Ingestion (app/services/ingestion/)

Run orchestration, continuation queue, scheduler integration, and scrape safety policy enforcement. The ScholarIngestionService drives the primary data acquisition loop.

Key modules:

  • application.py - Main ingestion orchestrator
  • scheduler.py - Background tick loop, queue batch processing
  • constants.py - Safety policy constants and floor values
  • fingerprints.py - Publication fingerprinting for deduplication
  • types.py - Ingestion result types and state enums

Scholar Parsing (app/services/scholar/)

Fail-fast Google Scholar HTML parsing and source fetch adapters. Handles paginated HTML feeds, extracts publication blocks via regex and DOM invariants (e.g., gsc_vcd_cib).

Key modules:

  • parser.py - HTML parser for publication extraction
  • parser_utils.py - Parsing helpers and DOM selectors
  • source.py - HTTP fetch adapters with browser headers
  • profile_rows.py - Profile metadata extraction
  • author_rows.py - Author citation row parsing
  • state_detection.py - Blocked/CAPTCHA/rate-limit detection

Scholar Management (app/services/scholars/)

Scholar CRUD, profile image management, and name-search controls with rate limiting.

Key modules:

  • application.py - Scholar lifecycle operations
  • uploads.py - Image upload handling
  • search_hints.py - Name search with caching and cooldowns
  • validators.py - Input validation for scholar creation

Publications (app/services/publications/)

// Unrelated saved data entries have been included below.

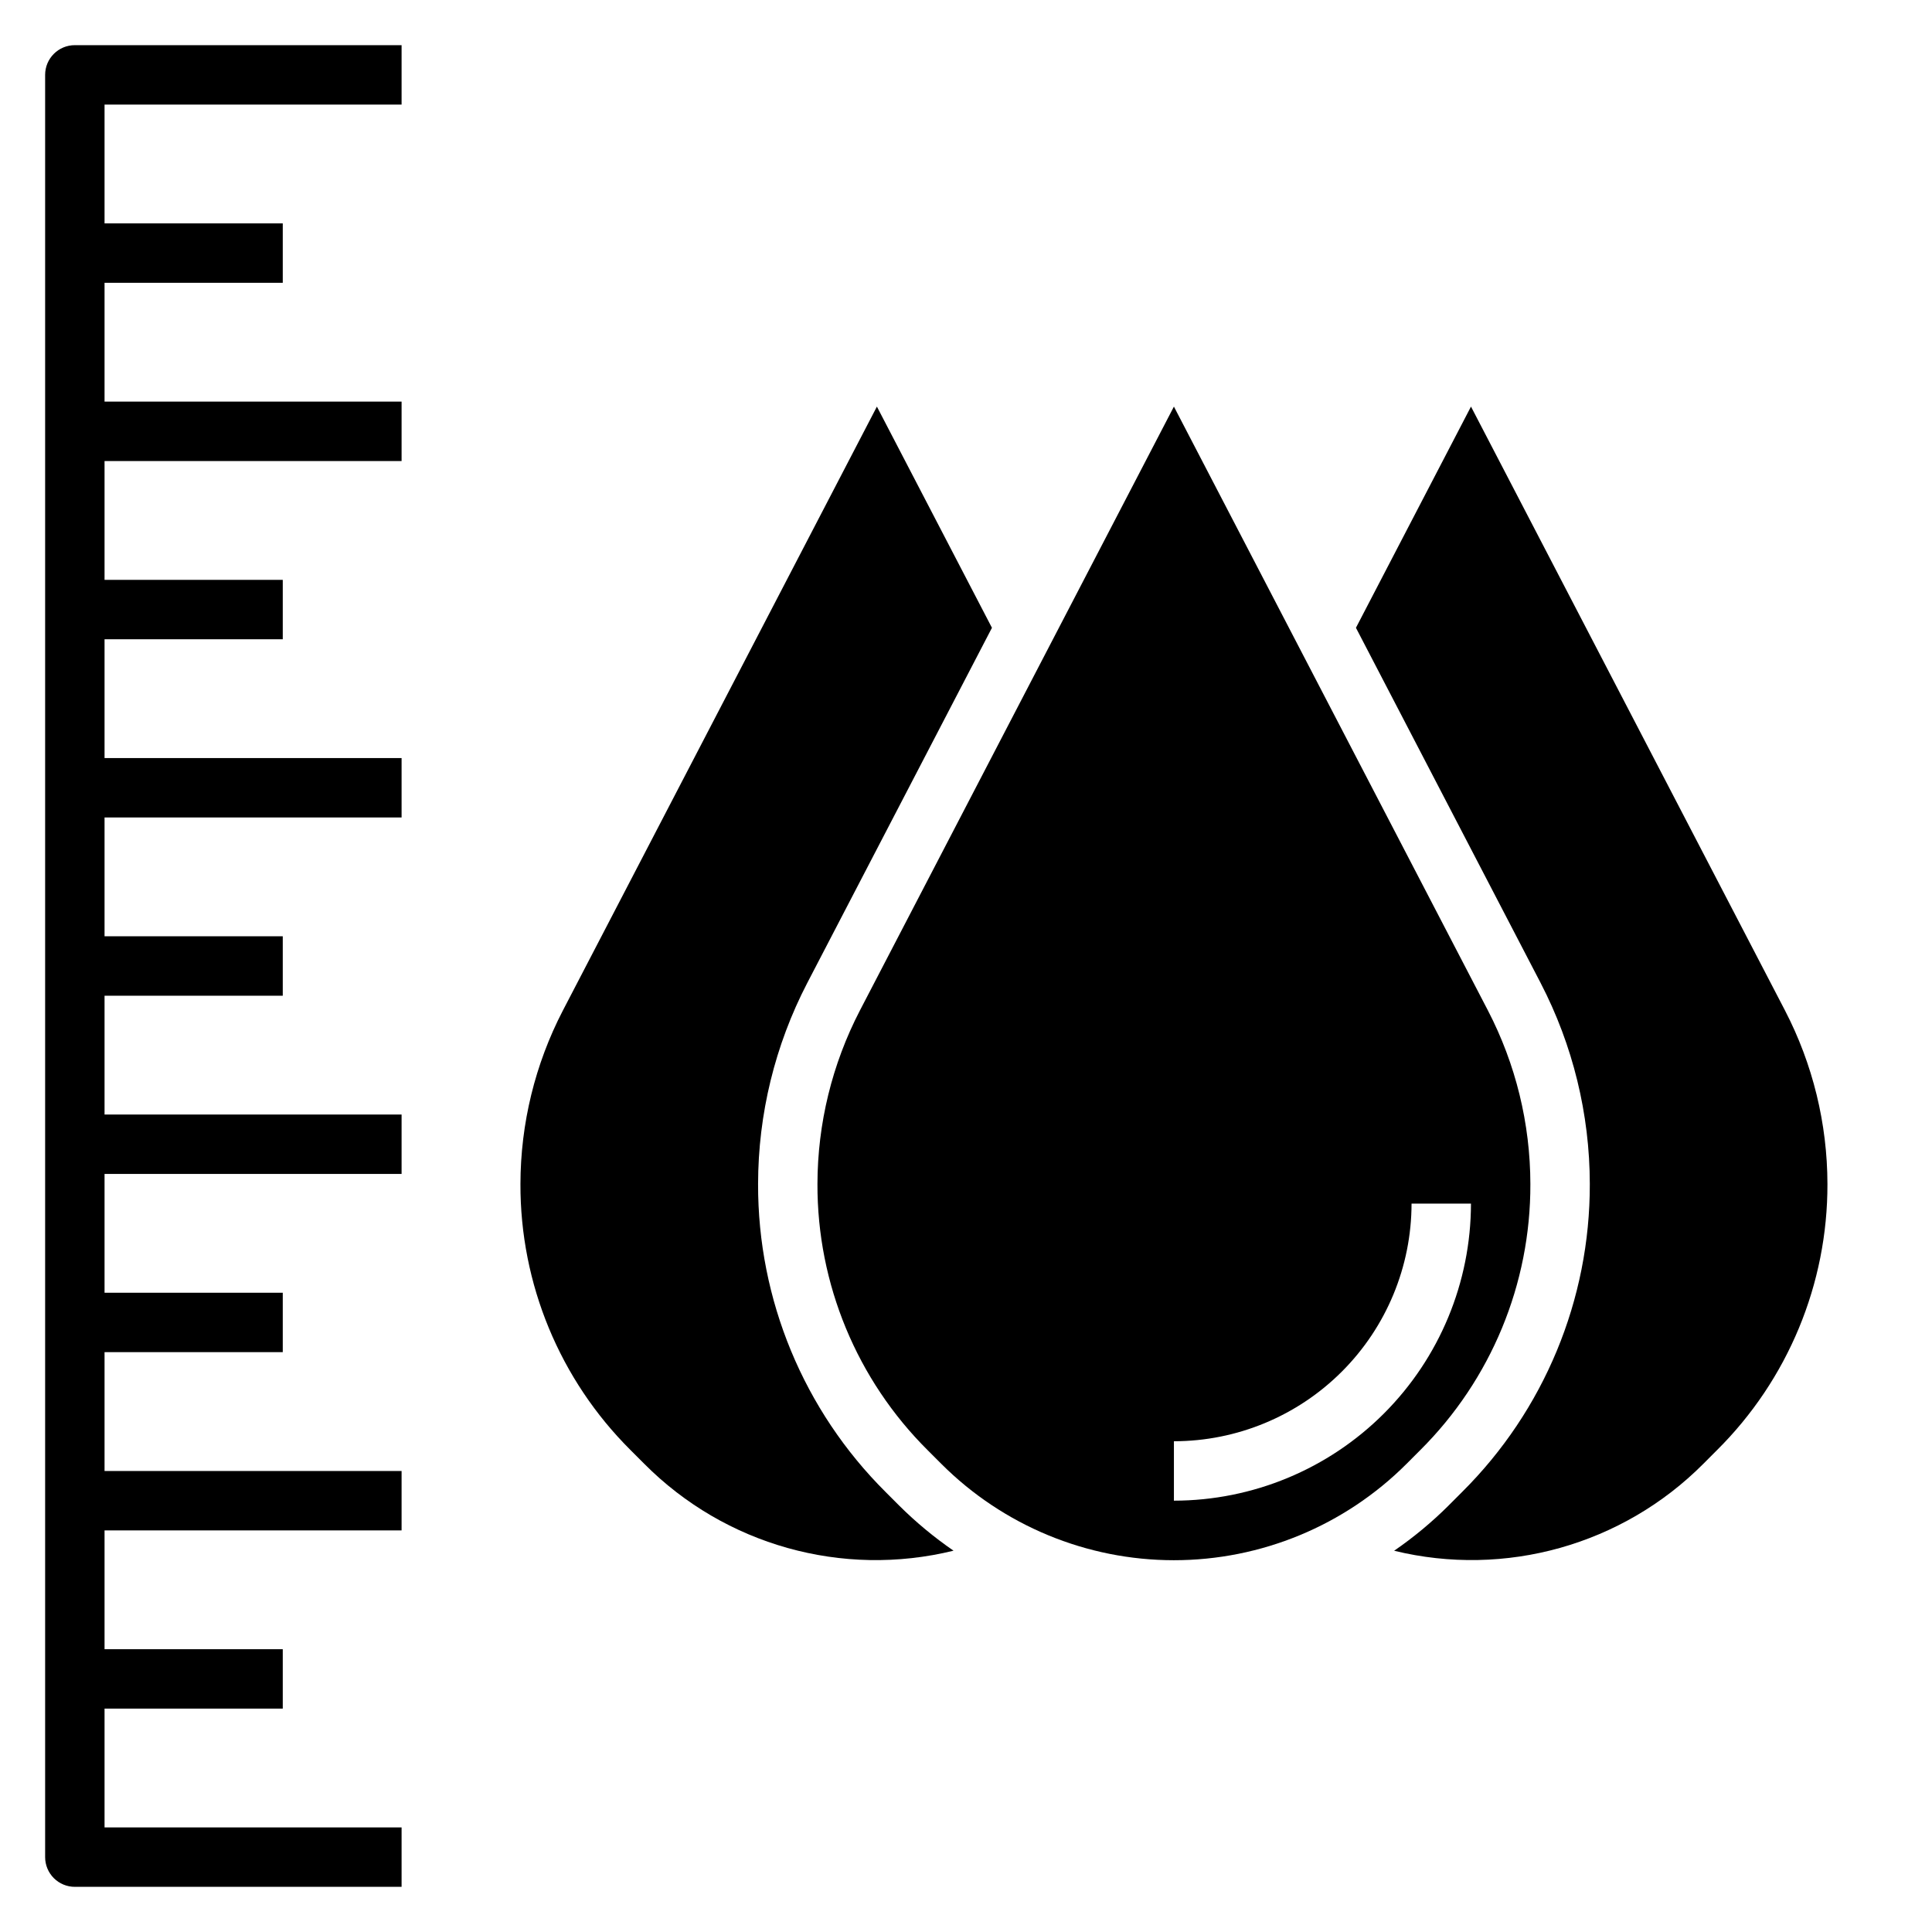 <?xml version="1.0" encoding="UTF-8"?>
<!-- Uploaded to: SVG Repo, www.svgrepo.com, Generator: SVG Repo Mixer Tools -->
<svg fill="#000000" width="800px" height="800px" version="1.1" viewBox="144 144 512 512" xmlns="http://www.w3.org/2000/svg">
 <g>
  <path d="m378.7 539.4c-21.715-21.602-33.887-50.992-33.801-81.625 0.02-18.535 4.484-36.797 13.02-53.254l48.957-94.148-30.488-58.621-83.223 160.05c-7.367 14.207-11.219 29.973-11.242 45.973-0.082 26.469 10.43 51.871 29.199 70.535l3.644 3.644c21.387 21.504 52.477 30.227 81.93 22.996-5.129-3.531-9.934-7.516-14.352-11.902z"/>
  <path d="m617.05 411.8-83.223-160.05-30.488 58.621 48.957 94.148h-0.004c8.539 16.457 13.004 34.719 13.023 53.254 0.074 30.641-12.117 60.031-33.852 81.625l-3.637 3.644v0.004c-4.422 4.394-9.23 8.383-14.367 11.918 29.473 7.191 60.559-1.551 81.957-23.051l3.637-3.644c18.77-18.648 29.301-44.035 29.238-70.496-0.023-16-3.879-31.766-11.242-45.973z"/>
  <path d="m520.37 528.31c18.766-18.664 29.281-44.066 29.195-70.535-0.02-16-3.875-31.766-11.242-45.973l-83.223-160.05-83.223 160.05c-7.363 14.207-11.219 29.973-11.242 45.973-0.082 26.469 10.434 51.871 29.199 70.535l3.644 3.644c16.348 16.34 38.512 25.52 61.625 25.52s45.281-9.18 61.629-25.52zm-65.27 13.383v-15.746c16.699-0.016 32.703-6.656 44.512-18.465 11.805-11.805 18.445-27.812 18.465-44.508h15.746c-0.023 20.867-8.324 40.879-23.082 55.637-14.758 14.758-34.77 23.059-55.641 23.082z"/>
  <path d="m155.96 163.84v472.32c0 2.086 0.832 4.09 2.305 5.566 1.477 1.477 3.481 2.305 5.566 2.305h86.594v-15.742h-78.719v-31.488h47.23v-15.746h-47.23v-31.488h78.719v-15.742h-78.719v-31.488h47.23v-15.746h-47.23v-31.488h78.719v-15.742h-78.719v-31.488h47.23v-15.746h-47.23v-31.488h78.719v-15.742h-78.719v-31.488h47.23v-15.742h-47.23v-31.488h78.719v-15.746h-78.719v-31.488h47.23v-15.742h-47.23v-31.488h78.719v-15.746h-86.594c-4.348 0-7.871 3.523-7.871 7.871z"/>
 </g>
</svg>

Listing, read-state management, favorite toggles, enrichment scheduling, deduplication, and PDF queue management.

Key modules:

  • application.py - Publication service facade
  • listing.py - Filtered listing with pagination (modes: all/unread/latest)
  • queries.py - Database query builders
  • counts.py - Aggregation counts for dashboard
  • dedup.py - Duplicate detection and merging
  • enrichment.py - Identifier and metadata enrichment orchestration
  • pdf_queue.py - PDF resolution queue policy
  • pdf_resolution_pipeline.py - Multi-source PDF resolution (Unpaywall, arXiv)
  • types.py - Publication DTOs and response types

Publication Identifiers (app/services/publication_identifiers/)

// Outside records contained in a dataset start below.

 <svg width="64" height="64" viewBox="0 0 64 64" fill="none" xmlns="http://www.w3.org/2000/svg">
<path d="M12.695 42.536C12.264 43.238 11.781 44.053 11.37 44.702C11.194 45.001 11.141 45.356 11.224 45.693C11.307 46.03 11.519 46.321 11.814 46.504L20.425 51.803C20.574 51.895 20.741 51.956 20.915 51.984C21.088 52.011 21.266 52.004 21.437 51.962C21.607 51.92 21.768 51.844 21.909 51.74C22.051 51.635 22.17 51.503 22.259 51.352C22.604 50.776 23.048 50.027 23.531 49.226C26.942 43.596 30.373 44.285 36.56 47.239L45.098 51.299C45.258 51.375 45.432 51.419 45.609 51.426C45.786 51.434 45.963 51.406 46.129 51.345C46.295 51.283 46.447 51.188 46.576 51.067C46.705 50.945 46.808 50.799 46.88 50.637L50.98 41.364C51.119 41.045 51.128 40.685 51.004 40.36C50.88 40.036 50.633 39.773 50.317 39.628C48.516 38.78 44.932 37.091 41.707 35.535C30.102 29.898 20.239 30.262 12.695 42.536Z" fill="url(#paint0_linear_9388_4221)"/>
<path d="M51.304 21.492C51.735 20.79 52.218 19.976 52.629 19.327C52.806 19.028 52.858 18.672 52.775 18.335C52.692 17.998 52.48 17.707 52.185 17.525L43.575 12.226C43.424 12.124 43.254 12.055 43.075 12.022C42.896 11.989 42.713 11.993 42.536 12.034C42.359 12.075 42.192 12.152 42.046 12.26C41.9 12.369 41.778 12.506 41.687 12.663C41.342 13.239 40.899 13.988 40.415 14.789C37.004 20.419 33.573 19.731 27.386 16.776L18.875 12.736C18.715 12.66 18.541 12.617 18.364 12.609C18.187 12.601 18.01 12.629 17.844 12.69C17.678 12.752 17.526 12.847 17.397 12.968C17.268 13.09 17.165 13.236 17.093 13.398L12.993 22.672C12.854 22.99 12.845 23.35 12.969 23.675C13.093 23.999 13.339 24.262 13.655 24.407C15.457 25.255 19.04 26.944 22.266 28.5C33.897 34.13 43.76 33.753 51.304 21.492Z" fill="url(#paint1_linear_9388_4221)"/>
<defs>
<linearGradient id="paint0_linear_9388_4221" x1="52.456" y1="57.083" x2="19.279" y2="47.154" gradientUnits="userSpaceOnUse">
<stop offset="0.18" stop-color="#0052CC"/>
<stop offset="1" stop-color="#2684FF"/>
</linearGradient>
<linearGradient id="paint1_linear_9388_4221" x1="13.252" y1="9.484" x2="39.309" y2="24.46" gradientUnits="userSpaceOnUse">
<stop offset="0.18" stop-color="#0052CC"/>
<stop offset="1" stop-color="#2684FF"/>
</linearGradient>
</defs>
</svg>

Multi-identifier resolution engine. A single publication can have multiple identifiers (DOI, arXiv ID, PMID, PMCID). This decoupled approach replaced the earlier hardcoded DOI-only model.

Key modules:

  • application.py - Identifier gathering orchestration
  • normalize.py - Identifier normalization and validation

arXiv (app/services/arxiv/)

Typed API client with global DB-backed throttle, query cache, and in-flight request coalescing.

Key modules:

  • client.py - HTTP client for arXiv export API
  • gateway.py - Gateway with advisory lock, caching, and coalescing
  • cache.py - Query cache with TTL and max-entry pruning
  • rate_limit.py - Global rate limiter via arxiv_runtime_state table
  • guards.py - Load-shedding guards (skip when DOI/arXiv evidence exists)
  • parser.py - Atom XML response parser

Safety features:

  • Requests are globally serialized via a PostgreSQL advisory lock and shared runtime row (arxiv_runtime_state)
  • Identical request payloads are fingerprinted and cached in arxiv_query_cache_entries with TTL + max-entry pruning
  • Concurrent identical misses are coalesced in-process (one outbound call serves all waiters)

Crossref (app/services/crossref/)

DOI lookup via Crossref REST API with bounded pacing and configurable batch limits.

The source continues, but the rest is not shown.